While some actors would leave the character as a heartbreaker, Sarsgaard layers this wayward adulterer with a level of sadness that allows David to be multidimensional and make it that much worse when we learn that he has been conning Jenny and her family all along. Pike plays a terrific foil for Jenny in her presentation of the wise fool Helen, who is knowledgeable about sex but when it comes to literature is a complete dunce. When Jenny reveals she has gotten a "B" in her Latin class, Helen consoles her saying, "someone told me that in about 50 years, no one will speak Latin, probably. Not even Latin people." Helen's idiotic statements are just a few of many witty lines crafted by screenwriter, Nick Hornby ("Fever Pitch," "About A Boy").

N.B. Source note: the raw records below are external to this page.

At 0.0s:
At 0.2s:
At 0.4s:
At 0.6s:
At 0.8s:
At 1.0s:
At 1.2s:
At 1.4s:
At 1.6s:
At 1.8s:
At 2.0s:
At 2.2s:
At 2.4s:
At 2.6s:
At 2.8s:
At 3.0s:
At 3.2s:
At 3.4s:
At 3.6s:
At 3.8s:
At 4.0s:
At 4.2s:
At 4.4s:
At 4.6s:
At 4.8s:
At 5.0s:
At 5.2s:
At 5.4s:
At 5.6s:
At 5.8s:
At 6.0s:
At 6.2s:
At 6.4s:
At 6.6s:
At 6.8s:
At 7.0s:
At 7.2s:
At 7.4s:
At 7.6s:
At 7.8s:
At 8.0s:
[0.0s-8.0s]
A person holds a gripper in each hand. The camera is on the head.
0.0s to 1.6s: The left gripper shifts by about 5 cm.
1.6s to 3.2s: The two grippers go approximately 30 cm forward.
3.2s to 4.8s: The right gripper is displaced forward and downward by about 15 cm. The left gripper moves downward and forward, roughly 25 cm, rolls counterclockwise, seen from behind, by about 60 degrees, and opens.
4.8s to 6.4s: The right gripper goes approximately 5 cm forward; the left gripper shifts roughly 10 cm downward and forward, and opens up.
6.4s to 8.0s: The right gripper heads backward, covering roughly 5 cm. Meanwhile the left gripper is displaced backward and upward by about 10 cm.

Hornby adapted his screenplay from Lynn Barber's autobiographical short story, "An Education," in which she recounts her torrid affair with an older man during her final years of high school education. Hornby is far too faithful to his original source; thus, when he attempts to take liberties with Barber's tale, such as the row between Jenny and her head mistress, Ms. Walters (Emma Thompsen), he confuses the spectator into reading the film as a feminist critique of female education in the 1960's.

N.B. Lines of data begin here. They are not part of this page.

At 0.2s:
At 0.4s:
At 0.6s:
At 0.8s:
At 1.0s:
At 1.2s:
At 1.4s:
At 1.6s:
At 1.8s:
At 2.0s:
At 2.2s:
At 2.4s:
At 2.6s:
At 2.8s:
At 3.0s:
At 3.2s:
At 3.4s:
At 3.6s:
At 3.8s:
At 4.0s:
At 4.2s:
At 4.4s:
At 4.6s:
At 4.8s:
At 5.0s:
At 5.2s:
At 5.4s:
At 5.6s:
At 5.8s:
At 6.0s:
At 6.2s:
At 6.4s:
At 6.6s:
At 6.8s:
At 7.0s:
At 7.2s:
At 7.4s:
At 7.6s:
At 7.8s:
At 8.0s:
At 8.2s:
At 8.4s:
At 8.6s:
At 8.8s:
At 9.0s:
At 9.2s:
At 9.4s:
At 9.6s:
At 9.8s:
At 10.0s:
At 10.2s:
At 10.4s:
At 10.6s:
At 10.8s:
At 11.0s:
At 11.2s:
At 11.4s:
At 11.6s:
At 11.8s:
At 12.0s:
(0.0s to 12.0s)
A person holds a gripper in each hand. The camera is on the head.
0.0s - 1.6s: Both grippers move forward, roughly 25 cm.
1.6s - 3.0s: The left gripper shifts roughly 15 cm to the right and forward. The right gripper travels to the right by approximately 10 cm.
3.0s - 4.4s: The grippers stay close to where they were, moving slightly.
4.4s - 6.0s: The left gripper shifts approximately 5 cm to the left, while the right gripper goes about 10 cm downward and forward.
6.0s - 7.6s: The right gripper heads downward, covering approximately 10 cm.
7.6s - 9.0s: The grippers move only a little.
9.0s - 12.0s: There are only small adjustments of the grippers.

During the heated exchange, Ms. Walters claims, "there is nothing worth doing without a degree," and suggests that Jenny has few options--she can either work in education or the civil service. Jenny explains that she can "work hard and be bored" or live the lavish lifestyle she has created with David. Like any sixteen year-old, Jenny chooses the latter, exposing the lack of career options for women. This claim would support the notion that Jenny's education comes not from the lips of David but from the help of her mousey English teacher, Miss Stubbs, who steps in at the end of the film to help Jenny rewrite her setback. In contrast, Barber's cites her David as the teacher who exposed her to the harsh reality of life and truly educated her about the way the world worked. Barber saw these experiences as her education. Jenny seems to fall into a similar category.

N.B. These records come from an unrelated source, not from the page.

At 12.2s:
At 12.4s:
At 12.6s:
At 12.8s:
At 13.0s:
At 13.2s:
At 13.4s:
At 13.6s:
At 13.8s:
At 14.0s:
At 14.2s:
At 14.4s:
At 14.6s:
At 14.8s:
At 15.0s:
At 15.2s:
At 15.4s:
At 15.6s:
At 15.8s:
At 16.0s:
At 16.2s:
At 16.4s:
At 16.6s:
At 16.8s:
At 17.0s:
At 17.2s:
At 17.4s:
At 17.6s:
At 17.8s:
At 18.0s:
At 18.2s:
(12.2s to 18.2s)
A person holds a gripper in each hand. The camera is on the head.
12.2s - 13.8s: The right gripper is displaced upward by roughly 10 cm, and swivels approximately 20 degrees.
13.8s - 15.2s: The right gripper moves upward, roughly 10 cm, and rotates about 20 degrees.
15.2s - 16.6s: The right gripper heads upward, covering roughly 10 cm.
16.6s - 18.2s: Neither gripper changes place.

So what exactly is "An Education" trying to say? Any enlightened movie-goer will recognize that it is not just the facts we learn in the classroom, but the application of these lessons and the street smarts we pick up along the way that truly shape us into the people we are today. The cinematic experience allows filmmakers the rare opportunity to challenge the audience's perceptions about life and society at large, yet "An Education" does not ponder any life altering questions. It merely warns us not to get wrapped around the finger of a well-meaning stranger, a pitiful end to a film that began so potent with possibilities.

An Education. Directed by Lone Scherfig; written for the screen by Nick Hornby; based on the memoirs of Lynn Barber; released by Sony Pictures Classic. Starring: Carey Mulligan, Peter Sarsgaard, Dominic Cooper, Rosamund Pike, Alfred Molina, Cara Seymour, Olivia Williams, and Emma Thompson. Running time: 1 hour and 40 minutes.